Methods: Rats were implanted with R1 in both flanks and subjected to intratumoral injections of BJOE or normal saline on day 0 and 7 for intra-individual comparisons. Therapeutic responses were compared between treated and control tumors at a 3.0 T MRI on day 0, 7 and 14 using T2-, T1-, and diffusion-weighted imaging that generated apparent diffusion coefficient (ADC) with b values of 0, 50, 100, 150, 400, 600, 800 and 1,000 s/mm2. Volumes of necrotic and viable tumors were measured and verified with histopathology and tumor vascularity was quantified on microangiography.
Results: After BJOE administration, tumor growth slowed down with increased intratumoral necrosis (P < 0.05) and reducedtumoral blood flow (P < 0.05). ADC maps differentiated viable and necrotic tumor components. Microangiography and histopathology supported MRI findings.
Conclusion: Local BJOE injection created necrosis, reduced the growth and lowered vessel density in rat R1 tumors. MRI allowed monitoring tumor growth and quantifying therapeutic responses. As a non-invasive and contrast-agent-free technique, ADC maps helped distinguish the necrotic from viable tumor tissues.
Brucea Javanica oil emulsion, rat R1 rhabdomyosarcoma, magnetic resonance imaging, angiography, therapeutic response
Brucea javanica (BJ) is a traditional Chinese herbal medicine [Figure 1A and B] that has been originally used to treat various ailments like amebic dysentery and malaria. In China, as a commercial therapeutic product [Figure 1C], BJ oil emulsion (BJOE) has been commercialized to treat various malignancies including lung cancer, digestive tract cancers, prostate cancer and cervical cancer as well as their metastases. Research indicated that BJ exerts its anti-cancer effect by the active components[2-6] [Figure 1D] in its seeds including quassinoids,[7-10] triterpenoids,[11-13] flavonolignan and flavonoids,[11,12,14] pregnane glycosides[6,9] and oleic and linoleic acid, etc. and mainly via the activation of caspase-dependent mitochondrial apoptotic pathway, and P53-, NF-kappa B-, COX-2-dependent death receptor pathways.[15-20]

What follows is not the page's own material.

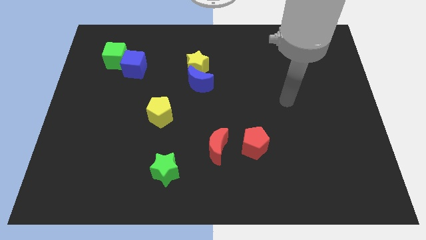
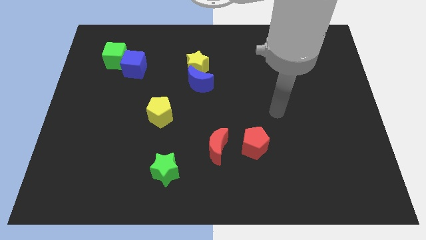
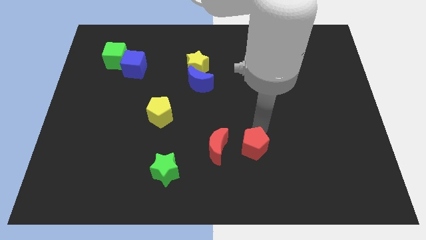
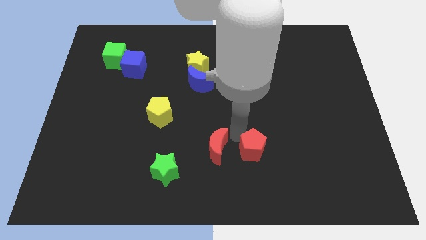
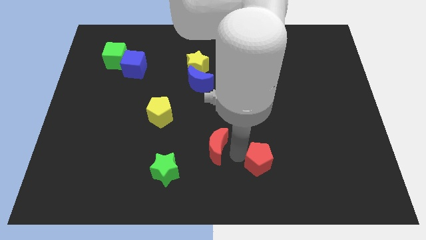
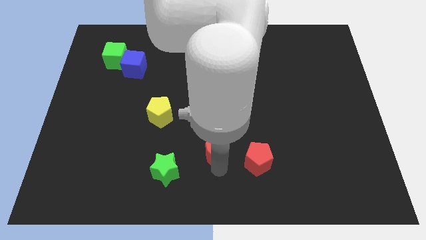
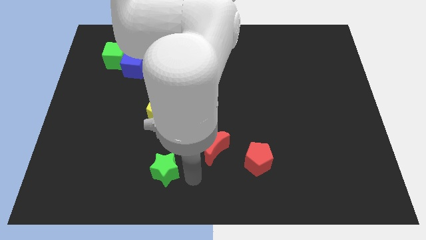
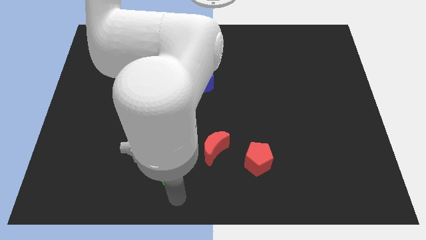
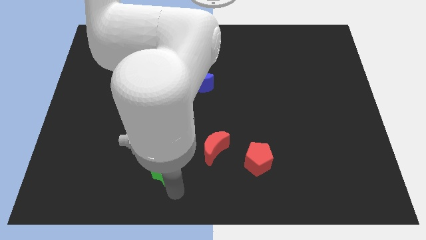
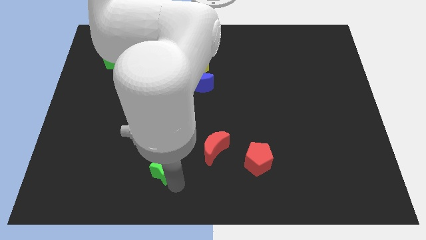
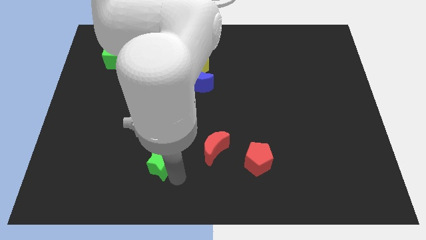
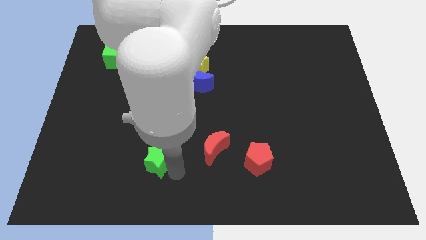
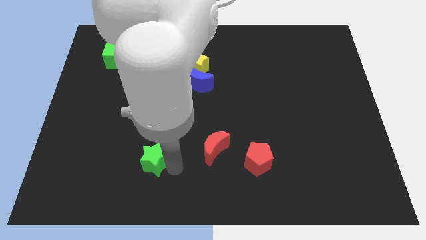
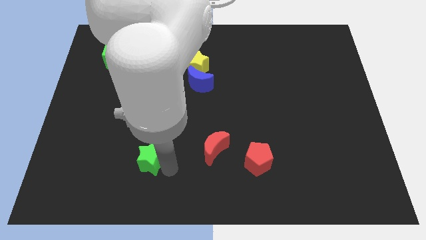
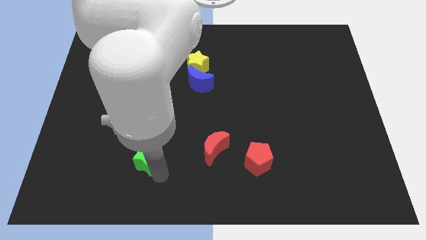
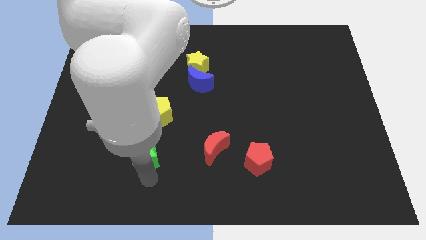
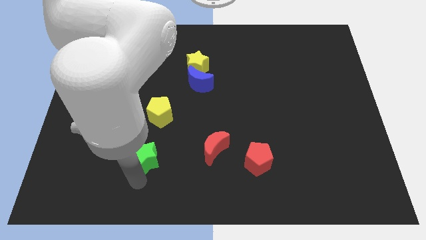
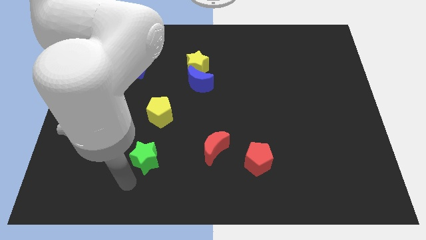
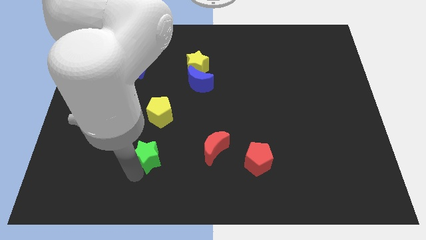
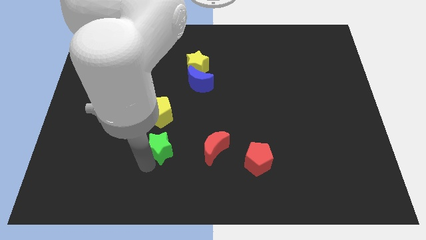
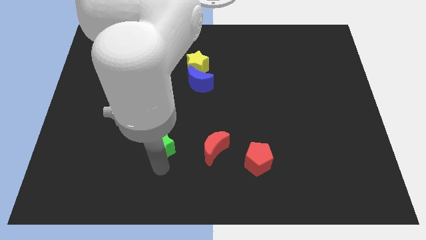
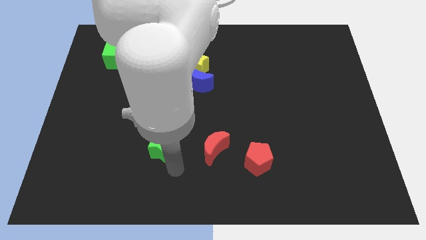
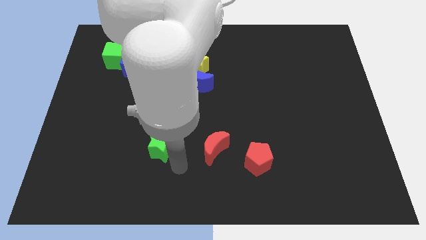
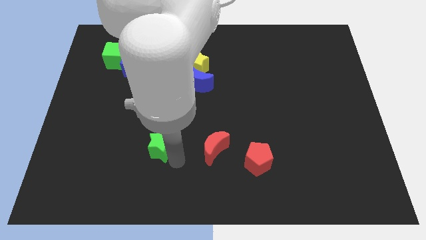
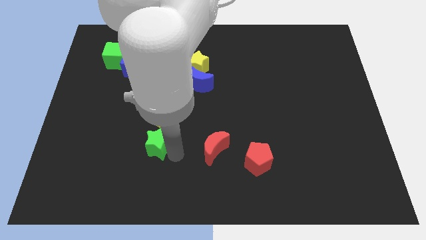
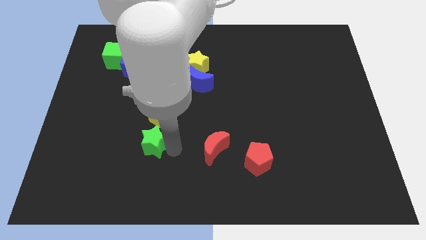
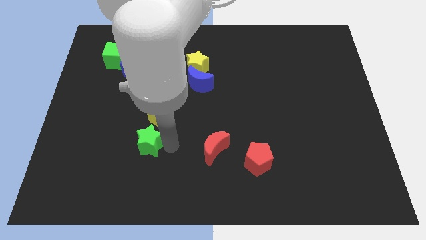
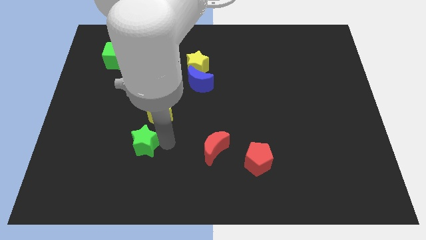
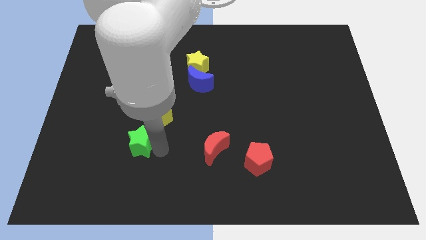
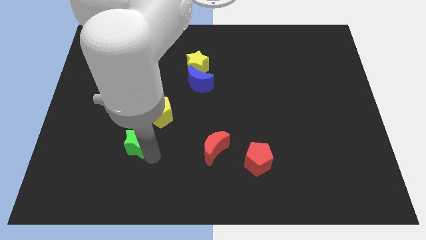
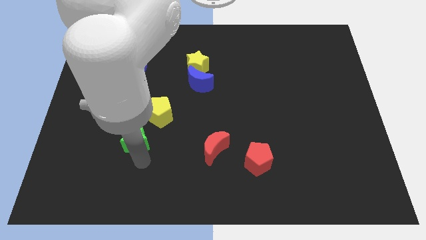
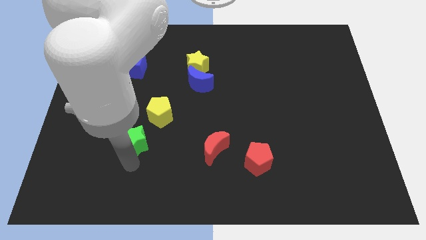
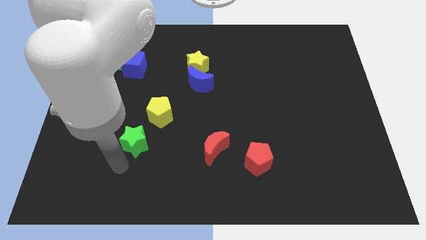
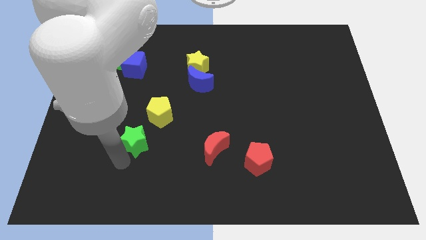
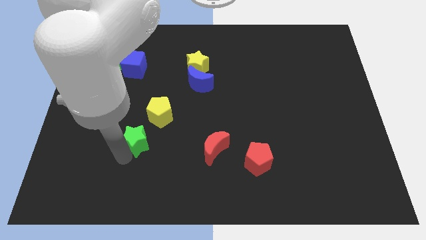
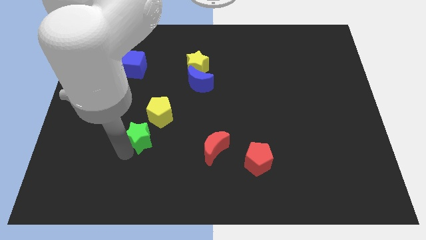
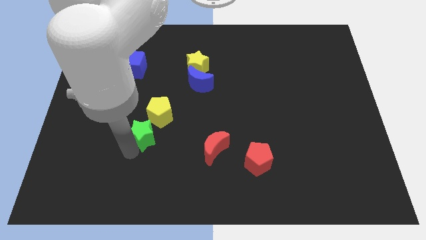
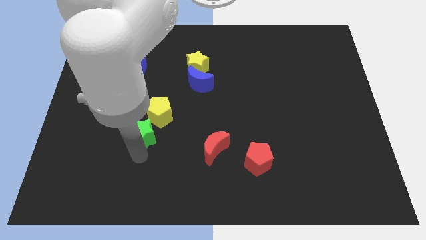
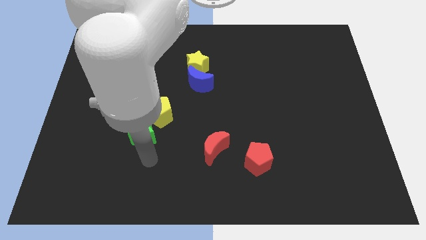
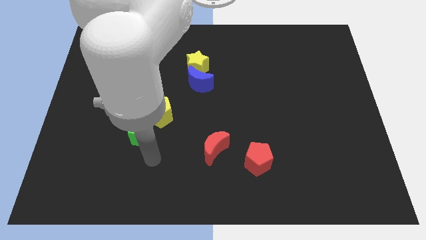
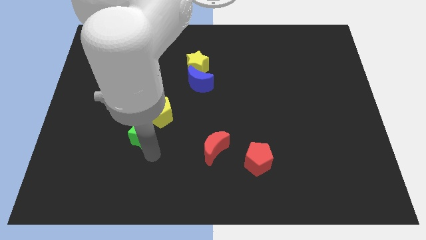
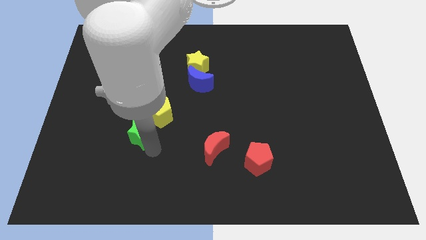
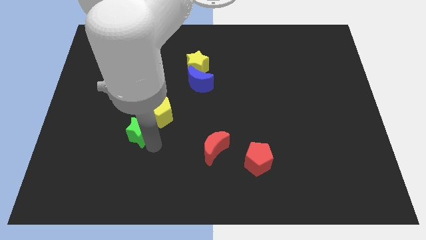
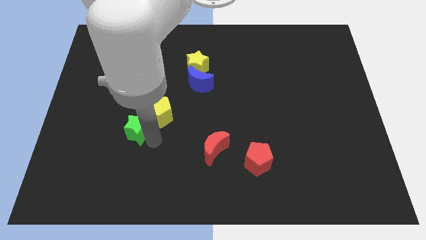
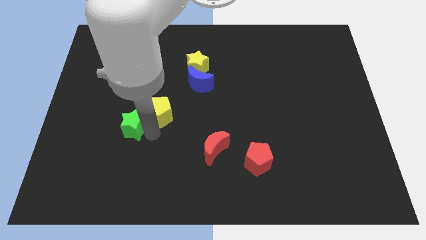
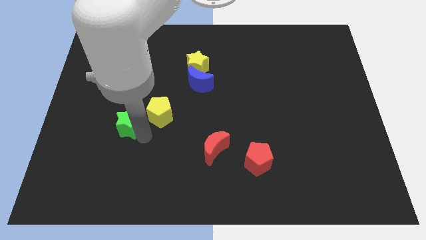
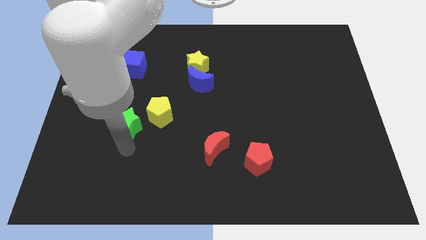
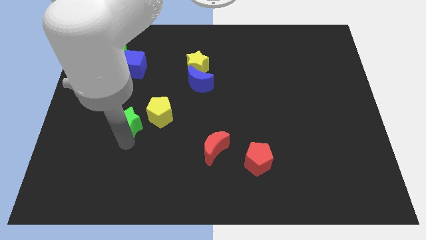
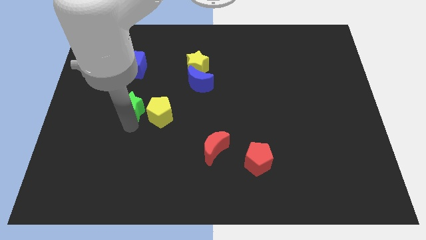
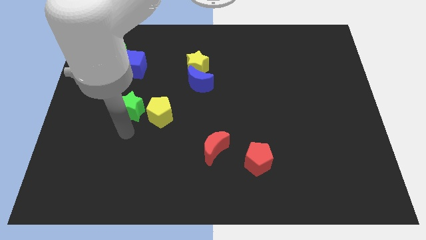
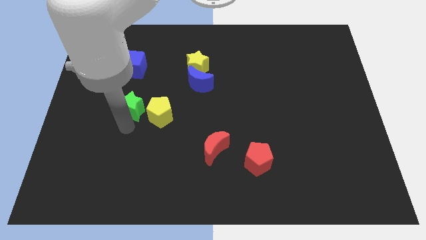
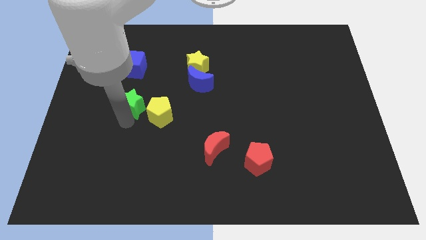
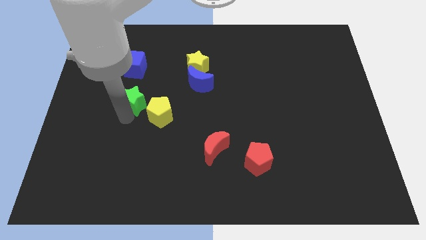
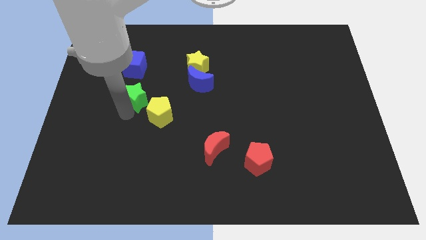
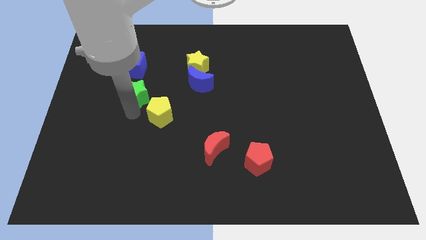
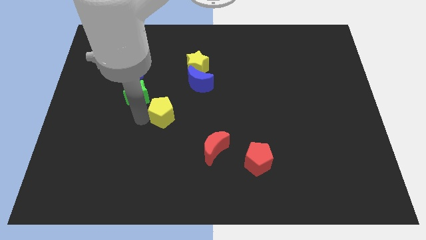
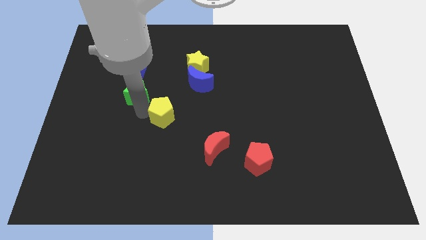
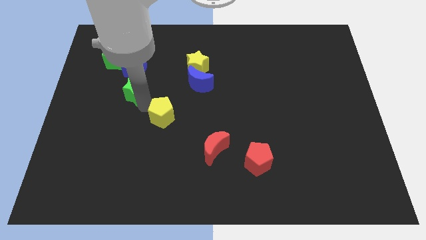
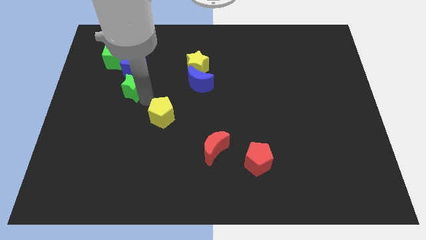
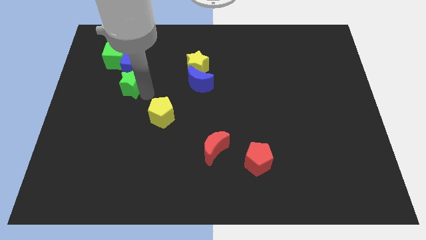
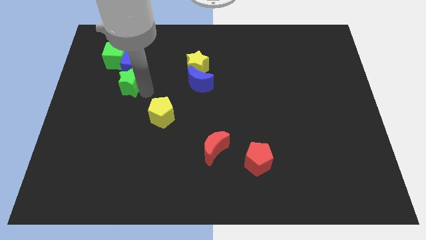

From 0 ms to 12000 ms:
move the green star close to the blue cube

Figure 1. Plant (A) and dry fruits (B) of Brucea Javanica and its oil emulsion as a parenteral injectable medicine (C). Basic chemical structures of anti-cancer compounds extracted from Brucea Javanica (D).
The formulations of BJ extracts has been largely improved aiming at raising anti-cancer activity and lowering toxicity of each single formula, while the anti-cancer effects in numerous human cancer cell lines have been constantly remarkable. The aqueous extract of BJ has been identified to exhibit cytotoxic effects in A549 non-small cell lung cancer, Hep3B hepatocellular carcinoma, methane dicarboxylic aldehyde-MB231 breast cancer, SLMT-1 esophageal squamous cell carcinoma, and PANC-1, SW1990, CAPAN-1 pancreatic adenocarcinom.[17,18] Also, BJ oil (BJO) was proven to induce apoptosis of T24 bladder cancer cells. Encouragingly, the successful preparation of BJOE allowed the in vivo evaluation of anti-cancer effect of BJ.[15,21] For the acute myeloid leukemia, BJOE has been shown to interfere molecular signaling pathways in U937 and Hodgkin lymphoma-60 cell lines as well as primary acute myelocytic leukemia patients’ leukemic cells, but not in normal peripheral blood lymphocytes. Such anti-leukemia effects of BJOE were further verified in vivo in U937 leukemia xenograft in nude mice by BJOE intravenous injection. Positive in vivo results were also shown in the S-180 sarcoma-bearing mice by intravenous administration of a mixture containing of BJO and coix seed oil.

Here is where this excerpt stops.